In closing arguments, Leadscope’s attorney argued, that ACS “destroyed the reputations of three dedicated scientists…They have ruined the financial position of LeadScope…These scientists did their own work. They didn’t take anything from [ACS]“. Much of the case focused on expert analysis of Leadscope’s source code. Leadscope presented expert testimony that the source code of their own product was NOT copied.

The C&E News report of the result is here.

ACS appealed the result of the case and has been fighting it for the past couple of years. They lost the appeal and the costs are now up to $40 million PLUS costs. Ow.

I’ve been an ACS member for well over a decade. I’ve been an RSC (Royal Society of Chemistry) employee for just over a year. All my comments are made as an ACS member and not an RSC employee…it’s why I am making the comments here and not on the ChemSpider blog.
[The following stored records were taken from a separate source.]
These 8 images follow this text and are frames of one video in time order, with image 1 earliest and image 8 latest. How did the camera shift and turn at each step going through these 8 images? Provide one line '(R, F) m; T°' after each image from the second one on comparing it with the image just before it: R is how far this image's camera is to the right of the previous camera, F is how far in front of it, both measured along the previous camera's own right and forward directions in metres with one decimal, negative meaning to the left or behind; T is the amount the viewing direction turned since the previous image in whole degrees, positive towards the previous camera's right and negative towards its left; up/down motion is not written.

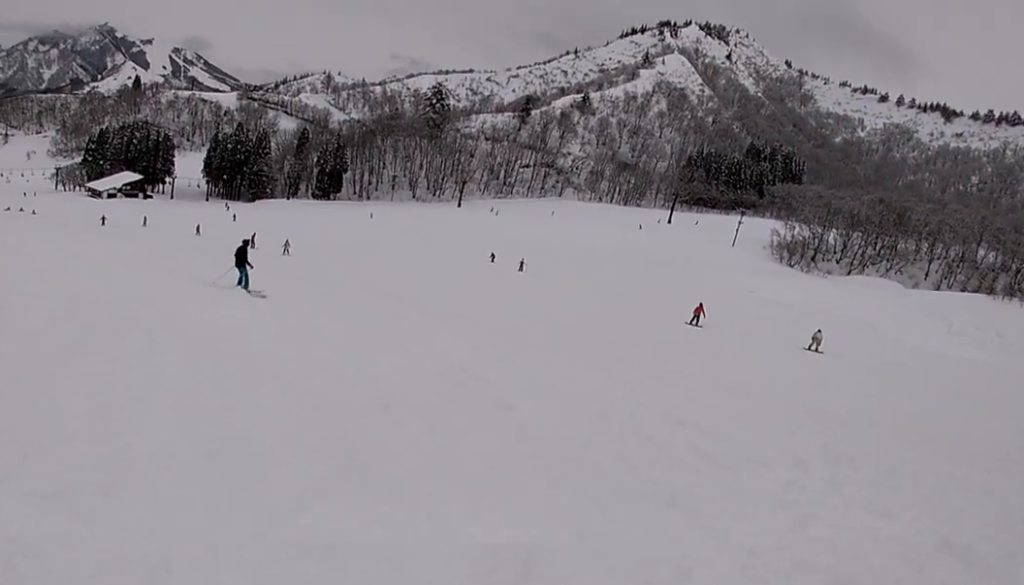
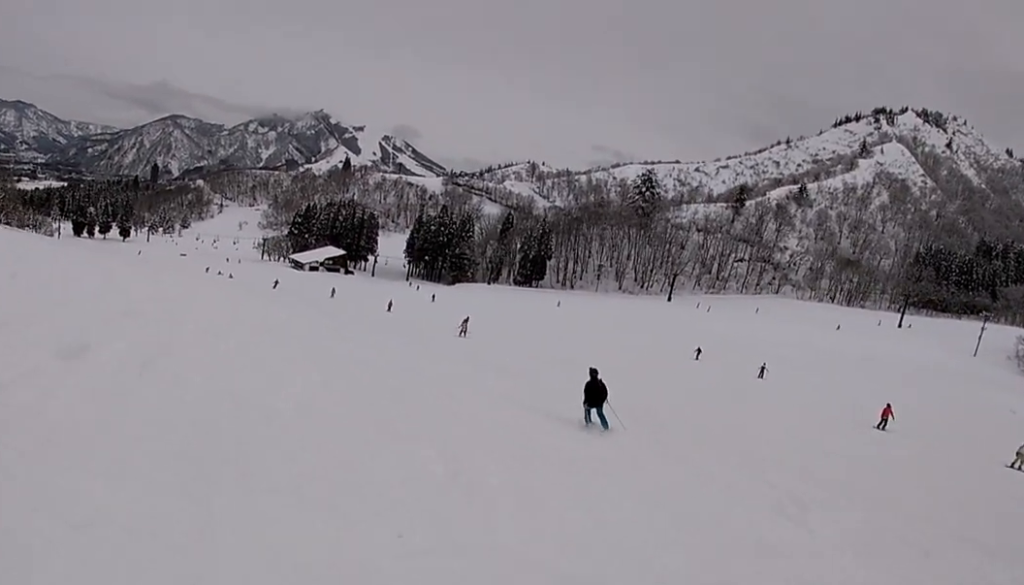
(-3.0, +7.5) m; -25°
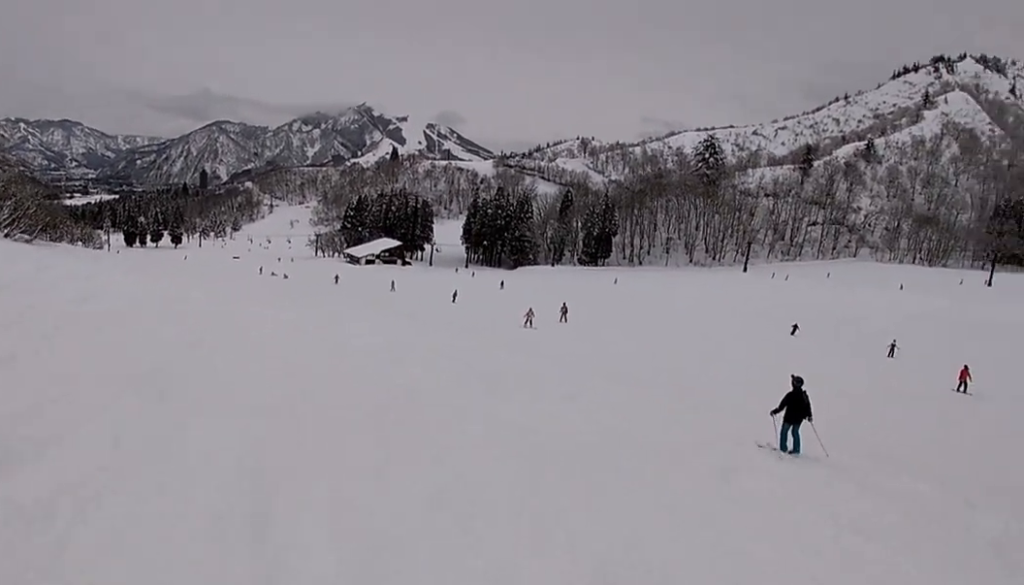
(-0.2, +6.8) m; -8°
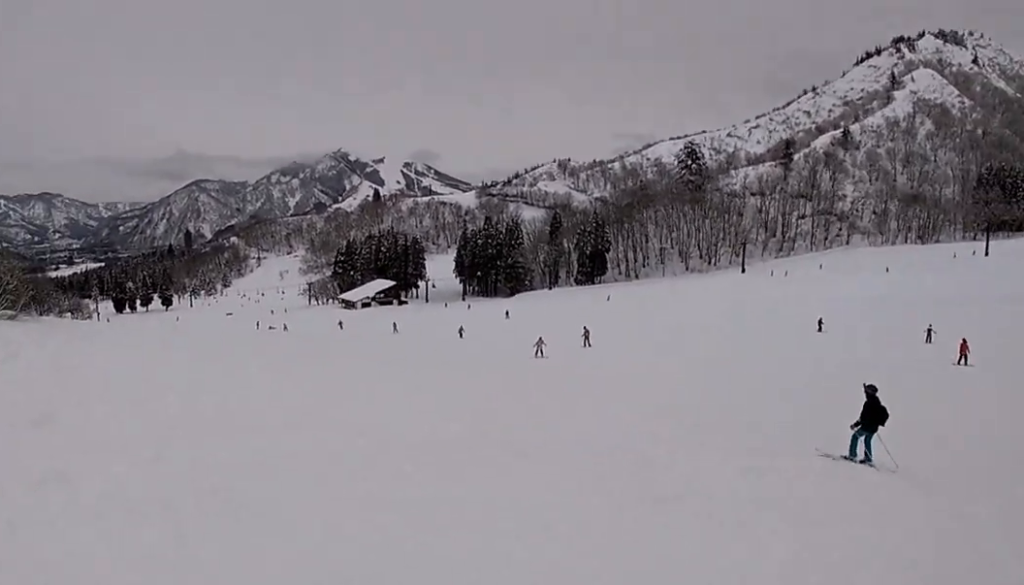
(-0.5, +3.9) m; -4°
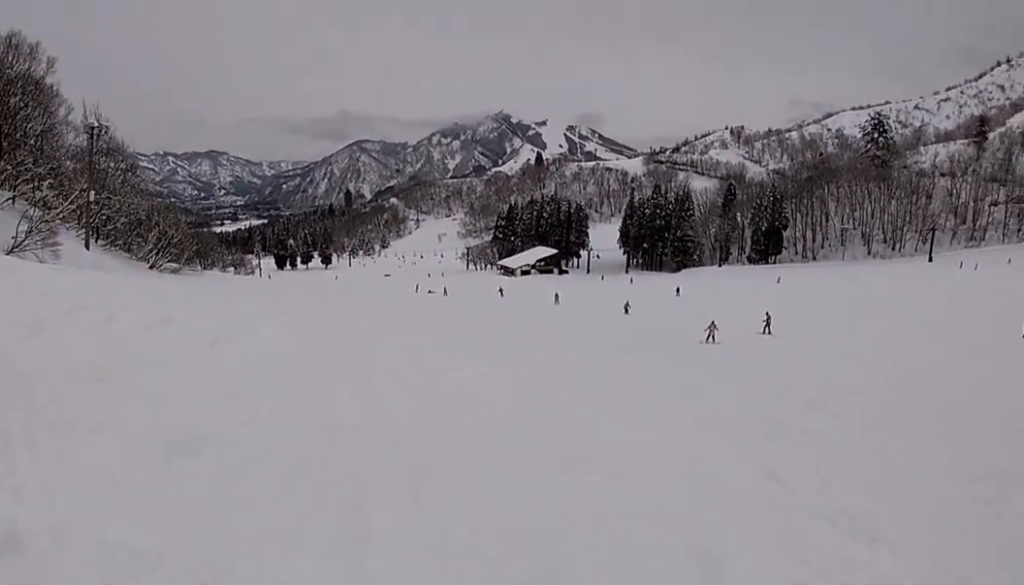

1) Summing up the amount of money that has gone into litigation, lawyers fees and settlements how much money has been drained from the coffers of the ACS in the past decade. With the impending $40 million damages and the other legal wranglings it has to be over $50 million? Surely that money would be put to best use subsidizing a conference, keeping membership fees down or even investing it to supply materials or support to schools and colleges with needs around chemistry? How many other legal wranglings are waiting in the wings to further draw down the coffers?

2) How many not-for-profits engage themselves in such regular legal wranglings? In 1990 a lawsuit was brought against the ACS threatening the not-for-profit status. The discussions regarding ACS/CAS having not-for-profit status continues to be a talking point in a number of circles and dinner conversations I have sat in on. As Jeffrey Rich commented “CAS is in no way related to the Boy Scouts of America or the United Way. What they do is no different from what a big computer business or publishing company does. That’s not a sign of a charitable organization, but of an intellectual business organization in business to make a bundle.” Another ACS, the American Cancer Society, has similar questions hanging over it.

3) What is the reputation cost of these legal cases for the ACS? I know a number of people who have left the ACS because of the PubChem challenges made by ACS. The blogosphere lit up when these challenges were happening and yet, as far as I can tell, no efforts are being undertaken to defuse or participate in the discussions. The statements are legal only and carry only succinct statements that hardly explain the mindset behind the challenges. A town meeting allowing a dialog would be very beneficial. I look forward to sitting in on such a discussion regarding Leadscope at the next ACS. Will it happen? Was their a town meeting at ACS/CAS regarding the latest legal conclusion and how it will impact the organization?

I enjoy ACS meetings. I read C&E News every week but admit that I find RSC’s Chemistry World a more entertaining read. I know a lot of people at CAS and ACS and they are great people.

I hope that more consideration is given before the next legal case is brought against an individual or organization. It costs reputation and money and will continue the growing concern regarding ACS’s business focus rather than acting as a nonprofit.